A apontada alteração regulamentar visou lograr uma mais acentuada compatibilização do sistema normativo com as transformações demográficas do país, representadas pelo envelhecimento gradual de sua população.
Nada obstante, a validade do decreto tem sido questionada em alguns setores da opinião pública, merecendo realce a Adin (Ação Direta de Inconstitucionalidade) recentemente ajuizada perante o STF (Supremo Tribunal Federal), pelo PSB (Adin nº 2.387), e fundada no argumento de que o decreto estaria em colisão com o art. 202, parágrafo 4º, da Lei Magna, onde se dispõe que a matéria só pode ser disciplinada por lei complementar.
Se tal argumentação pudesse ser aceita, ficaria derriçado todo o sistema de previdência complementar, arrimado na lei nº 6.435/77. A exigibilidade de lei complementar, prevista no art. 202, da Constituição, só se concebe se o sistema atualmente em vigor houvesse de ser modificado em suas linhas mestras, o que não se justifica.

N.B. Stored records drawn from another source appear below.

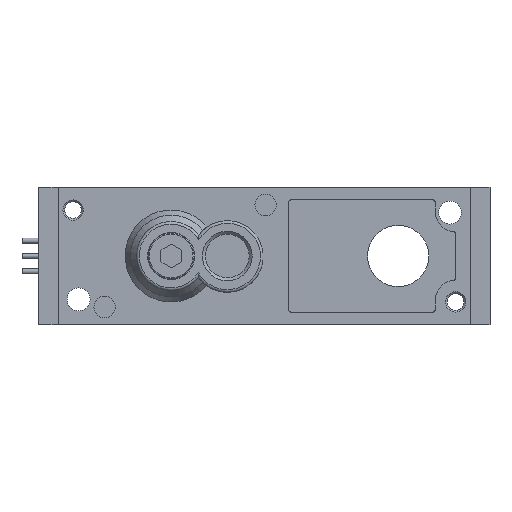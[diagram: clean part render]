
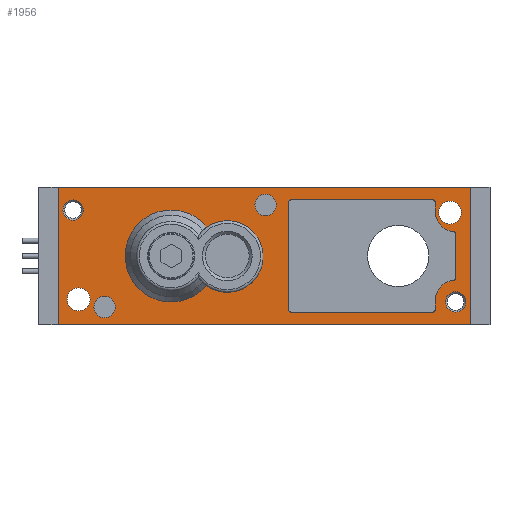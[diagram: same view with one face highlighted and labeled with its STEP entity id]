
A CAD part, front view. The second image highlights one B-rep face of the part: STEP entity #1956.
In plain terms, the highlighted planar face has unit normal (0, -1, 0).
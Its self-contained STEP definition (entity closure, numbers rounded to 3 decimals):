
#37=PLANE('',#2098);
#112=CIRCLE('',#2073,9.019);
#121=CIRCLE('',#2099,2.);
#122=CIRCLE('',#2100,2.);
#123=CIRCLE('',#2101,2.25);
#124=CIRCLE('',#2102,2.25);
#125=CIRCLE('',#2103,0.5);
#126=CIRCLE('',#2104,4.);
#127=CIRCLE('',#2105,0.5);
#128=CIRCLE('',#2106,0.5);
#129=CIRCLE('',#2107,0.5);
#130=CIRCLE('',#2108,0.5);
#131=CIRCLE('',#2109,4.);
#132=CIRCLE('',#2110,0.5);
#133=CIRCLE('',#2111,7.);
#134=CIRCLE('',#2112,2.1);
#135=CIRCLE('',#2113,2.1);
#296=ORIENTED_EDGE('',*,*,#825,.T.);
#297=ORIENTED_EDGE('',*,*,#826,.F.);
#298=ORIENTED_EDGE('',*,*,#827,.F.);
#299=ORIENTED_EDGE('',*,*,#828,.F.);
#300=ORIENTED_EDGE('',*,*,#829,.F.);
#301=ORIENTED_EDGE('',*,*,#830,.T.);
#302=ORIENTED_EDGE('',*,*,#831,.F.);
#303=ORIENTED_EDGE('',*,*,#832,.F.);
#304=ORIENTED_EDGE('',*,*,#833,.F.);
#305=ORIENTED_EDGE('',*,*,#834,.F.);
#306=ORIENTED_EDGE('',*,*,#835,.F.);
#307=ORIENTED_EDGE('',*,*,#836,.F.);
#308=ORIENTED_EDGE('',*,*,#837,.F.);
#309=ORIENTED_EDGE('',*,*,#838,.F.);
#310=ORIENTED_EDGE('',*,*,#839,.F.);
#311=ORIENTED_EDGE('',*,*,#840,.T.);
#312=ORIENTED_EDGE('',*,*,#841,.F.);
#313=ORIENTED_EDGE('',*,*,#842,.F.);
#314=ORIENTED_EDGE('',*,*,#843,.F.);
#315=ORIENTED_EDGE('',*,*,#746,.F.);
#316=ORIENTED_EDGE('',*,*,#844,.T.);
#317=ORIENTED_EDGE('',*,*,#845,.T.);
#318=ORIENTED_EDGE('',*,*,#846,.T.);
#319=ORIENTED_EDGE('',*,*,#847,.F.);
#320=ORIENTED_EDGE('',*,*,#848,.F.);
#321=ORIENTED_EDGE('',*,*,#823,.T.);
#746=EDGE_CURVE('',#1016,#1015,#112,.F.);
#823=EDGE_CURVE('',#1081,#1080,#1272,.T.);
#825=EDGE_CURVE('',#1082,#1082,#121,.T.);
#826=EDGE_CURVE('',#1083,#1083,#122,.T.);
#827=EDGE_CURVE('',#1084,#1084,#123,.F.);
#828=EDGE_CURVE('',#1085,#1085,#124,.F.);
#829=EDGE_CURVE('',#1086,#1087,#125,.F.);
#830=EDGE_CURVE('',#1086,#1088,#126,.F.);
#831=EDGE_CURVE('',#1089,#1088,#1274,.T.);
#832=EDGE_CURVE('',#1090,#1089,#127,.F.);
#833=EDGE_CURVE('',#1091,#1090,#1275,.T.);
#834=EDGE_CURVE('',#1092,#1091,#128,.F.);
#835=EDGE_CURVE('',#1093,#1092,#1276,.T.);
#836=EDGE_CURVE('',#1094,#1093,#129,.F.);
#837=EDGE_CURVE('',#1095,#1094,#1277,.T.);
#838=EDGE_CURVE('',#1096,#1095,#130,.F.);
#839=EDGE_CURVE('',#1097,#1096,#1278,.T.);
#840=EDGE_CURVE('',#1097,#1098,#131,.F.);
#841=EDGE_CURVE('',#1099,#1098,#132,.F.);
#842=EDGE_CURVE('',#1087,#1099,#1279,.T.);
#843=EDGE_CURVE('',#1015,#1016,#133,.F.);
#844=EDGE_CURVE('',#1100,#1100,#134,.T.);
#845=EDGE_CURVE('',#1101,#1101,#135,.T.);
#846=EDGE_CURVE('',#1080,#1102,#1280,.T.);
#847=EDGE_CURVE('',#1103,#1102,#1281,.T.);
#848=EDGE_CURVE('',#1081,#1103,#1282,.T.);
#1015=VERTEX_POINT('',#2875);
#1016=VERTEX_POINT('',#2880);
#1080=VERTEX_POINT('',#3037);
#1081=VERTEX_POINT('',#3039);
#1082=VERTEX_POINT('',#3043);
#1083=VERTEX_POINT('',#3045);
#1084=VERTEX_POINT('',#3047);
#1085=VERTEX_POINT('',#3049);
#1086=VERTEX_POINT('',#3051);
#1087=VERTEX_POINT('',#3052);
#1088=VERTEX_POINT('',#3054);
#1089=VERTEX_POINT('',#3056);
#1090=VERTEX_POINT('',#3058);
#1091=VERTEX_POINT('',#3060);
#1092=VERTEX_POINT('',#3062);
#1093=VERTEX_POINT('',#3064);
#1094=VERTEX_POINT('',#3066);
#1095=VERTEX_POINT('',#3068);
#1096=VERTEX_POINT('',#3070);
#1097=VERTEX_POINT('',#3072);
#1098=VERTEX_POINT('',#3074);
#1099=VERTEX_POINT('',#3076);
#1100=VERTEX_POINT('',#3080);
#1101=VERTEX_POINT('',#3082);
#1102=VERTEX_POINT('',#3084);
#1103=VERTEX_POINT('',#3086);
#1272=LINE('',#3038,#1459);
#1274=LINE('',#3055,#1461);
#1275=LINE('',#3059,#1462);
#1276=LINE('',#3063,#1463);
#1277=LINE('',#3067,#1464);
#1278=LINE('',#3071,#1465);
#1279=LINE('',#3077,#1466);
#1280=LINE('',#3083,#1467);
#1281=LINE('',#3085,#1468);
#1282=LINE('',#3087,#1469);
#1459=VECTOR('',#2401,1000.);
#1461=VECTOR('',#2417,1000.);
#1462=VECTOR('',#2420,1000.);
#1463=VECTOR('',#2423,1000.);
#1464=VECTOR('',#2426,1000.);
#1465=VECTOR('',#2429,1000.);
#1466=VECTOR('',#2434,1000.);
#1467=VECTOR('',#2441,1000.);
#1468=VECTOR('',#2442,1000.);
#1469=VECTOR('',#2443,1000.);
#1594=EDGE_LOOP('',(#296));
#1595=EDGE_LOOP('',(#297));
#1596=EDGE_LOOP('',(#298));
#1597=EDGE_LOOP('',(#299));
#1598=EDGE_LOOP('',(#300,#301,#302,#303,#304,#305,#306,#307,#308,#309,#310,
#311,#312,#313));
#1599=EDGE_LOOP('',(#314,#315));
#1600=EDGE_LOOP('',(#316));
#1601=EDGE_LOOP('',(#317));
#1602=EDGE_LOOP('',(#318,#319,#320,#321));
#1758=FACE_BOUND('',#1594,.T.);
#1759=FACE_BOUND('',#1595,.T.);
#1760=FACE_BOUND('',#1596,.T.);
#1761=FACE_BOUND('',#1597,.T.);
#1762=FACE_BOUND('',#1598,.T.);
#1763=FACE_BOUND('',#1599,.T.);
#1764=FACE_BOUND('',#1600,.T.);
#1765=FACE_BOUND('',#1601,.T.);
#1766=FACE_BOUND('',#1602,.T.);
#1956=ADVANCED_FACE('',(#1758,#1759,#1760,#1761,#1762,#1763,#1764,#1765,
#1766),#37,.F.);
#2073=AXIS2_PLACEMENT_3D('',#2881,#2283,#2284);
#2098=AXIS2_PLACEMENT_3D('',#3041,#2403,#2404);
#2099=AXIS2_PLACEMENT_3D('',#3042,#2405,#2406);
#2100=AXIS2_PLACEMENT_3D('',#3044,#2407,#2408);
#2101=AXIS2_PLACEMENT_3D('',#3046,#2409,#2410);
#2102=AXIS2_PLACEMENT_3D('',#3048,#2411,#2412);
#2103=AXIS2_PLACEMENT_3D('',#3050,#2413,#2414);
#2104=AXIS2_PLACEMENT_3D('',#3053,#2415,#2416);
#2105=AXIS2_PLACEMENT_3D('',#3057,#2418,#2419);
#2106=AXIS2_PLACEMENT_3D('',#3061,#2421,#2422);
#2107=AXIS2_PLACEMENT_3D('',#3065,#2424,#2425);
#2108=AXIS2_PLACEMENT_3D('',#3069,#2427,#2428);
#2109=AXIS2_PLACEMENT_3D('',#3073,#2430,#2431);
#2110=AXIS2_PLACEMENT_3D('',#3075,#2432,#2433);
#2111=AXIS2_PLACEMENT_3D('',#3078,#2435,#2436);
#2112=AXIS2_PLACEMENT_3D('',#3079,#2437,#2438);
#2113=AXIS2_PLACEMENT_3D('',#3081,#2439,#2440);
#2283=DIRECTION('',(0.,1.,0.));
#2284=DIRECTION('',(0.,0.,1.));
#2401=DIRECTION('',(0.,0.,-1.));
#2403=DIRECTION('',(0.,1.,0.));
#2404=DIRECTION('',(0.,0.,1.));
#2405=DIRECTION('',(0.,1.,0.));
#2406=DIRECTION('',(0.,0.,1.));
#2407=DIRECTION('',(0.,-1.,0.));
#2408=DIRECTION('',(0.,0.,-1.));
#2409=DIRECTION('',(0.,1.,0.));
#2410=DIRECTION('',(0.,0.,1.));
#2411=DIRECTION('',(0.,1.,0.));
#2412=DIRECTION('',(0.,0.,1.));
#2413=DIRECTION('',(0.,1.,0.));
#2414=DIRECTION('',(0.,0.,1.));
#2415=DIRECTION('',(0.,1.,0.));
#2416=DIRECTION('',(0.,0.,1.));
#2417=DIRECTION('',(0.,0.,1.));
#2418=DIRECTION('',(0.,1.,0.));
#2419=DIRECTION('',(0.,0.,1.));
#2420=DIRECTION('',(1.,0.,0.));
#2421=DIRECTION('',(0.,1.,0.));
#2422=DIRECTION('',(0.,0.,1.));
#2423=DIRECTION('',(0.,0.,-1.));
#2424=DIRECTION('',(0.,1.,0.));
#2425=DIRECTION('',(0.,0.,1.));
#2426=DIRECTION('',(-1.,0.,0.));
#2427=DIRECTION('',(0.,1.,0.));
#2428=DIRECTION('',(0.,0.,1.));
#2429=DIRECTION('',(0.,0.,1.));
#2430=DIRECTION('',(0.,1.,0.));
#2431=DIRECTION('',(0.,0.,1.));
#2432=DIRECTION('',(0.,1.,0.));
#2433=DIRECTION('',(0.,0.,1.));
#2434=DIRECTION('',(0.,0.,1.));
#2435=DIRECTION('',(0.,1.,0.));
#2436=DIRECTION('',(0.,0.,1.));
#2437=DIRECTION('',(0.,1.,0.));
#2438=DIRECTION('',(1.,0.,0.));
#2439=DIRECTION('',(0.,1.,0.));
#2440=DIRECTION('',(1.,0.,0.));
#2441=DIRECTION('',(1.,0.,0.));
#2442=DIRECTION('',(0.,0.,-1.));
#2443=DIRECTION('',(1.,0.,0.));
#2875=CARTESIAN_POINT('',(26.164,17.,-5.784));
#2880=CARTESIAN_POINT('',(26.268,17.,5.657));
#2881=CARTESIAN_POINT('',(19.244,17.,0.));
#3037=CARTESIAN_POINT('',(-2.9,17.,-13.5));
#3038=CARTESIAN_POINT('',(-2.9,17.,13.5));
#3039=CARTESIAN_POINT('',(-2.9,17.,13.5));
#3041=CARTESIAN_POINT('',(-2.9,17.,13.5));
#3042=CARTESIAN_POINT('',(0.02,17.,9.));
#3043=CARTESIAN_POINT('',(0.02,17.,11.));
#3044=CARTESIAN_POINT('',(75.02,17.,-9.));
#3045=CARTESIAN_POINT('',(75.02,17.,-11.));
#3046=CARTESIAN_POINT('',(1.1,17.,-8.5));
#3047=CARTESIAN_POINT('',(1.1,17.,-6.25));
#3048=CARTESIAN_POINT('',(73.9,17.,8.5));
#3049=CARTESIAN_POINT('',(73.9,17.,10.75));
#3050=CARTESIAN_POINT('',(74.5,17.,-4.278));
#3051=CARTESIAN_POINT('',(74.556,17.,-4.775));
#3052=CARTESIAN_POINT('',(75.,17.,-4.278));
#3053=CARTESIAN_POINT('',(75.,17.,-8.75));
#3054=CARTESIAN_POINT('',(71.,17.,-8.75));
#3055=CARTESIAN_POINT('',(71.,17.,13.5));
#3056=CARTESIAN_POINT('',(71.,17.,-10.5));
#3057=CARTESIAN_POINT('',(70.5,17.,-10.5));
#3058=CARTESIAN_POINT('',(70.5,17.,-11.));
#3059=CARTESIAN_POINT('',(-2.9,17.,-11.));
#3060=CARTESIAN_POINT('',(42.75,17.,-11.));
#3061=CARTESIAN_POINT('',(42.75,17.,-10.5));
#3062=CARTESIAN_POINT('',(42.25,17.,-10.5));
#3063=CARTESIAN_POINT('',(42.25,17.,13.5));
#3064=CARTESIAN_POINT('',(42.25,17.,10.5));
#3065=CARTESIAN_POINT('',(42.75,17.,10.5));
#3066=CARTESIAN_POINT('',(42.75,17.,11.));
#3067=CARTESIAN_POINT('',(-2.9,17.,11.));
#3068=CARTESIAN_POINT('',(70.5,17.,11.));
#3069=CARTESIAN_POINT('',(70.5,17.,10.5));
#3070=CARTESIAN_POINT('',(71.,17.,10.5));
#3071=CARTESIAN_POINT('',(71.,17.,13.5));
#3072=CARTESIAN_POINT('',(71.,17.,8.75));
#3073=CARTESIAN_POINT('',(75.,17.,8.75));
#3074=CARTESIAN_POINT('',(74.556,17.,4.775));
#3075=CARTESIAN_POINT('',(74.5,17.,4.278));
#3076=CARTESIAN_POINT('',(75.,17.,4.278));
#3077=CARTESIAN_POINT('',(75.,17.,13.5));
#3078=CARTESIAN_POINT('',(30.25,17.,-0.1));
#3079=CARTESIAN_POINT('',(6.2,17.,-10.));
#3080=CARTESIAN_POINT('',(8.3,17.,-10.));
#3081=CARTESIAN_POINT('',(37.75,17.,10.));
#3082=CARTESIAN_POINT('',(39.85,17.,10.));
#3083=CARTESIAN_POINT('',(-2.9,17.,-13.5));
#3084=CARTESIAN_POINT('',(77.9,17.,-13.5));
#3085=CARTESIAN_POINT('',(77.9,17.,13.5));
#3086=CARTESIAN_POINT('',(77.9,17.,13.5));
#3087=CARTESIAN_POINT('',(-2.9,17.,13.5));

Admitida, em consequência, a validade da lei nº 6.435/77, há de se atribuir o mesmo efeito ao decreto nº 3.721/2001, dado que dela não destoa. E tal conclusão tanto mais se reforça quanto é certo que a exigência de limite de idade já constava do decreto nº 81.240, de 20 de janeiro de 1978, que nunca deixou de prevalecer.
Há, portanto, presunção de compatibilidade entre os dois sucessivos decretos fixadores de limite de idade e a lei disciplinadora do sistema de previdência complementar.
É, aliás, da índole das leis estabelecer os elementos básicos da matéria a ser disciplinada, deixando para os decretos a missão de regular itens específicos, desde que não incompatíveis com as disposições genéricas nelas contidas.
Outra questão a ser considerada diz respeito à natureza da vinculação entre entidade de previdência complementar e seus participantes, já que existem divergências sobre o assunto. Em editorial, "O Estado de S.Paulo" fez alusão à figura do contrato de adesão.
Mais acertado parece, porém, o entendimento de que se trata de regime de interesse público, análogo ao do FGTS (Fundo de Garantia do Tempo de Serviço), cuja finalidade precípua, desde sua instalação, em 1966, consiste na superação da crise habitacional, sob a gestão do Banco Nacional de Habitação.
De modo análogo, há de se reconhecer que a finalidade precípua da lei nº 6.435/1977 foi a de satisfazer um interesse público, de não menor relevância: o aprimoramento do sistema de seguridade social, sob a gestão da Secretaria de Previdência Complementar.
O fato de o ingresso no regime de previdência complementar depender de opção do trabalhador não infirma a apontada analogia, porque essa era também condição constante da lei nº 5.107/1996, instituidora do fundo.
À luz de tais considerações, exclui-se a idéia de que a filiação do trabalhador à entidade de previdência complementar pudesse significar vínculo de natureza contratual, com condições imutáveis.


Octavio Bueno Magano, 72, advogado e jurista, é professor titular de direito trabalhista da Faculdade de Direito da USP.